Configuration Recommended maximum values1
  1. Recommended maximums are for an entire cluster; there are no recommended maximum values for CPU utilization by app profile, method, or table. Use this more granular metric for observability into the possible causes of a cluster's high CPU usage.
  2. The recommended maximum values ensure that an instance has enough capacity to continue serving at low latency in the event of failover. For example, in an instance with two clusters, each cluster must be able to handle all traffic at 70% in the event the other cluster becomes unavailable.
Single-cluster routing, any number of clusters

70% average CPU utilization
90% CPU utilization of hottest node

Multi-cluster routing, autoscaling enabled, 2 or more clusters

70% average CPU utilization
90% CPU utilization of hottest node

Multi-cluster routing, autoscaling not enabled, 2 clusters

35% average CPU utilization2
45% CPU utilization of hottest node2

Multi-cluster-routing, autoscaling not enabled, 3 or more clusters

Depends on your configuration. See the examples of replication settings for common use cases.

Disk usage

Bigtable reports the following metrics for disk usage:

Metric Description
Storage utilization (bytes)

The amount of data stored in the cluster. Change stream usage is not included for this metric.

This value affects your costs. Also, as described below, you might need to add nodes to each cluster as the amount of data increases.

Storage utilization (% max)

The percentage of the cluster's storage capacity that is being used. The capacity is based on the number of nodes in your cluster. Change stream usage is not included for this metric.

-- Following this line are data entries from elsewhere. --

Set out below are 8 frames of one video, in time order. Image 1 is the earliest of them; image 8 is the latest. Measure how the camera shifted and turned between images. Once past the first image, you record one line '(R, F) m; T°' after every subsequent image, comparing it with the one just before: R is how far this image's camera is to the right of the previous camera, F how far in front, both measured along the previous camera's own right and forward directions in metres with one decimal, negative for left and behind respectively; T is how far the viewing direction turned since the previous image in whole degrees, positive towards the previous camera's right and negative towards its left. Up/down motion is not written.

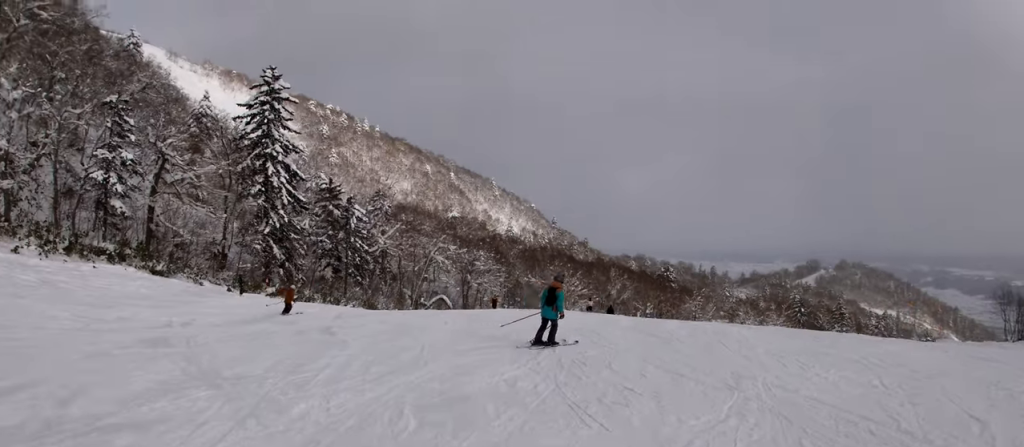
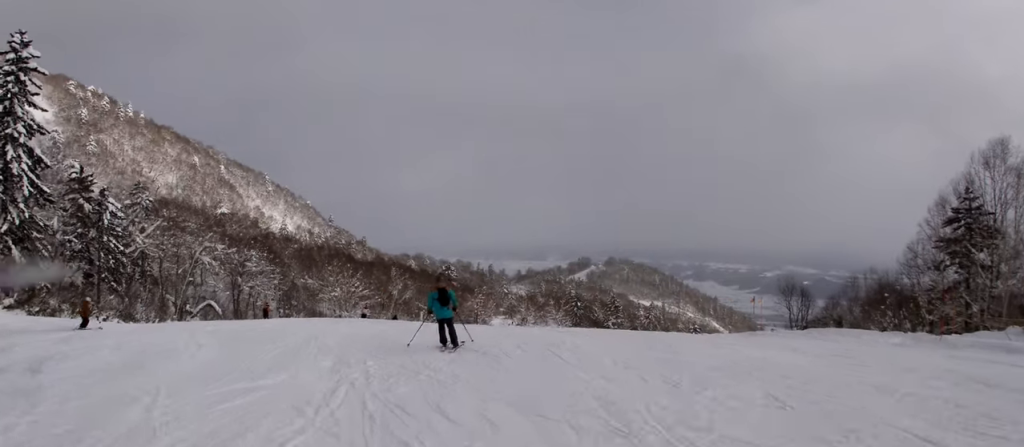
(+0.1, +2.8) m; +7°
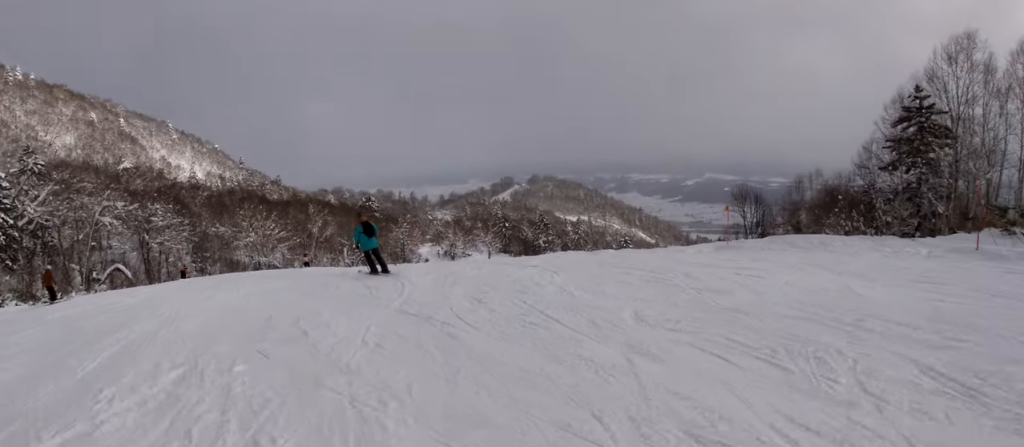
(+0.4, +4.1) m; +19°
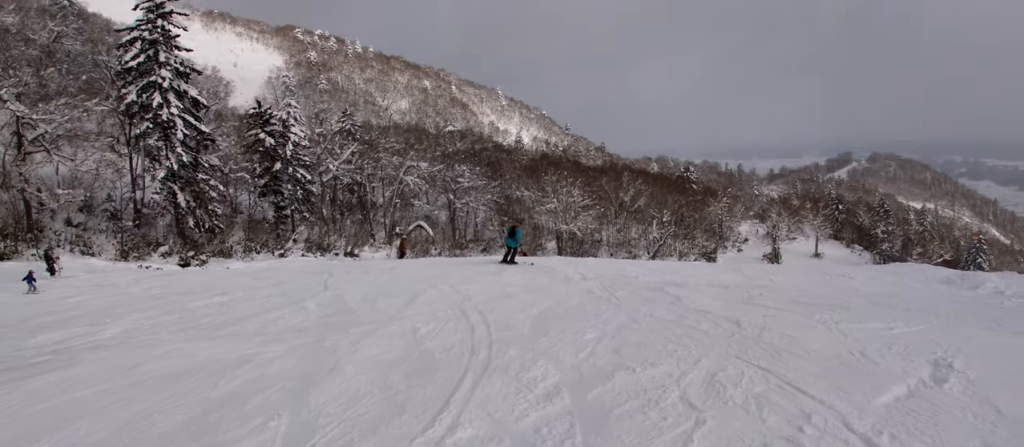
(-1.3, +7.2) m; -40°
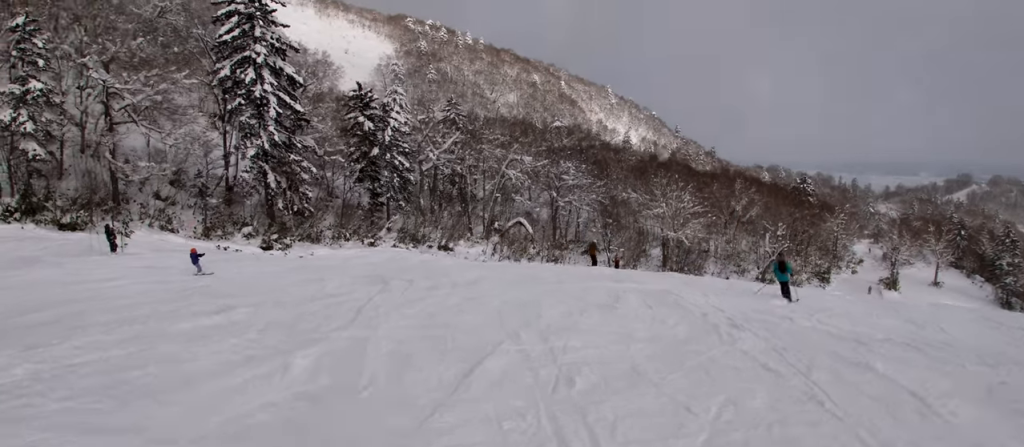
(+0.3, +4.6) m; -6°
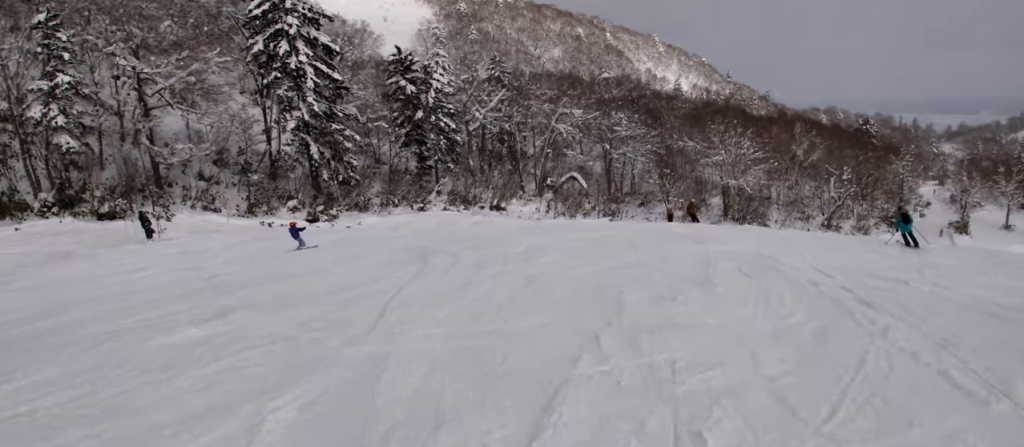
(-0.5, +2.2) m; -4°
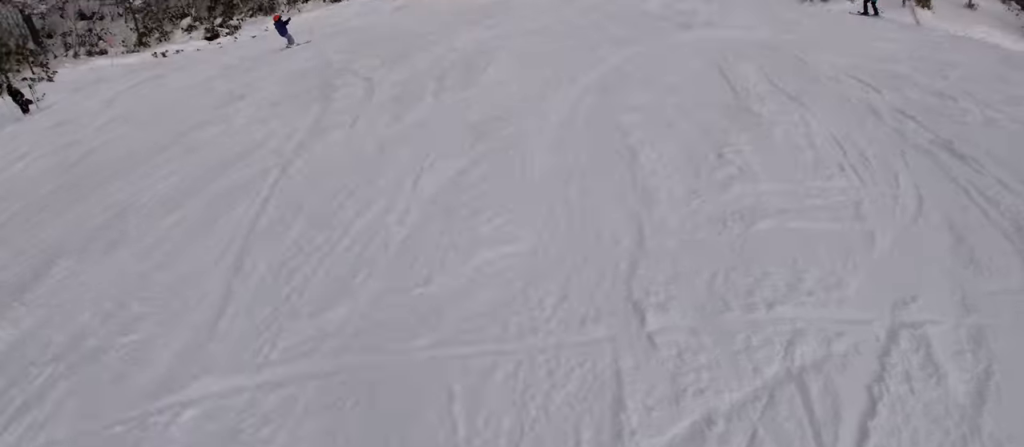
(+0.2, +3.3) m; -1°
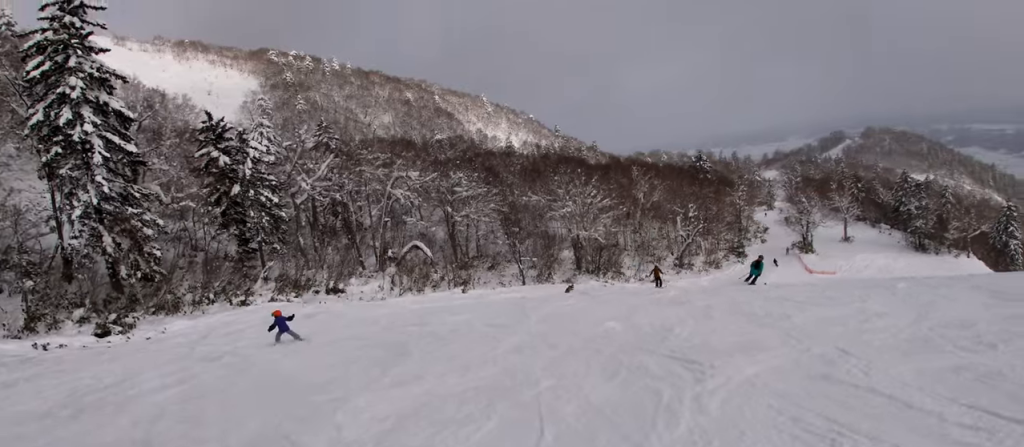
(-0.2, +5.1) m; +15°

In general, do not use more than 70% of the hard limit on total storage, so you have room to add more data. If you do not plan to add significant amounts of data to your instance, you can use up to 100% of the hard limit.

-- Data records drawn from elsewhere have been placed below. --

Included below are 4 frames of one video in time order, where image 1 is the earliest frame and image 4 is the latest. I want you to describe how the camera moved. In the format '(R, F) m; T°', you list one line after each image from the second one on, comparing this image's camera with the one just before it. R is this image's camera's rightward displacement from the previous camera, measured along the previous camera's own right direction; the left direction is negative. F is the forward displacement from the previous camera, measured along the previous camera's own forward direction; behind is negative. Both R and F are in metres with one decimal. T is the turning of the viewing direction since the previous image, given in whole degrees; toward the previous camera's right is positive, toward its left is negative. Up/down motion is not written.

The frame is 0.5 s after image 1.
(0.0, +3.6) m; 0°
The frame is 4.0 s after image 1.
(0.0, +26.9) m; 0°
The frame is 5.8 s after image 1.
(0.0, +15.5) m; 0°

If you are using more than the recommended percentage of the storage limit, add nodes to the cluster. You can also delete existing data, but deleted data takes up more space, not less, until a compaction occurs.

For details about how this value is calculated, see Storage utilization per node.

Change stream storage utilization (bytes)

The amount of storage consumed by change stream records for tables in the instance. This storage does not count toward the total storage utilization. You are charged for change stream storage, but it is not included in the calculation of storage utilization (% max).

Disk load

The percentage your cluster is using of the maximum possible bandwidth for HDD reads. Available only for HDD clusters.

If this value is frequently at 100%, you might experience increased latency. Add nodes to the cluster to reduce the disk load percentage.

Nodes for replicated clusters

In an instance that uses replication, make sure each cluster has enough nodes to support your use case:

  • If you use replication to provide high availability, or if you use multi-cluster routing in any of your app profiles, each cluster should have the same number of nodes. Also, as shown above under CPU usage, the recommended CPU utilization is reduced by half.

    This configuration helps ensure that if an automatic failover is necessary, the responsive cluster has enough capacity to handle all of your traffic.

  • If all of your app profiles use single-cluster routing, each cluster can have a different number of nodes. Resize each cluster as needed based on the cluster's workload.

    Because Bigtable stores a separate copy of your data with each cluster, each cluster must always have enough nodes to support your disk usage and to replicate writes between clusters.

    You can still fail over manually from one cluster to another if necessary. However, if one cluster has many more nodes than another, and you need to fail over to the cluster with fewer nodes, you might need to add nodes first. There is no guarantee that additional nodes will be available when you need to fail over—the only way to reserve nodes in advance is to add them to your cluster.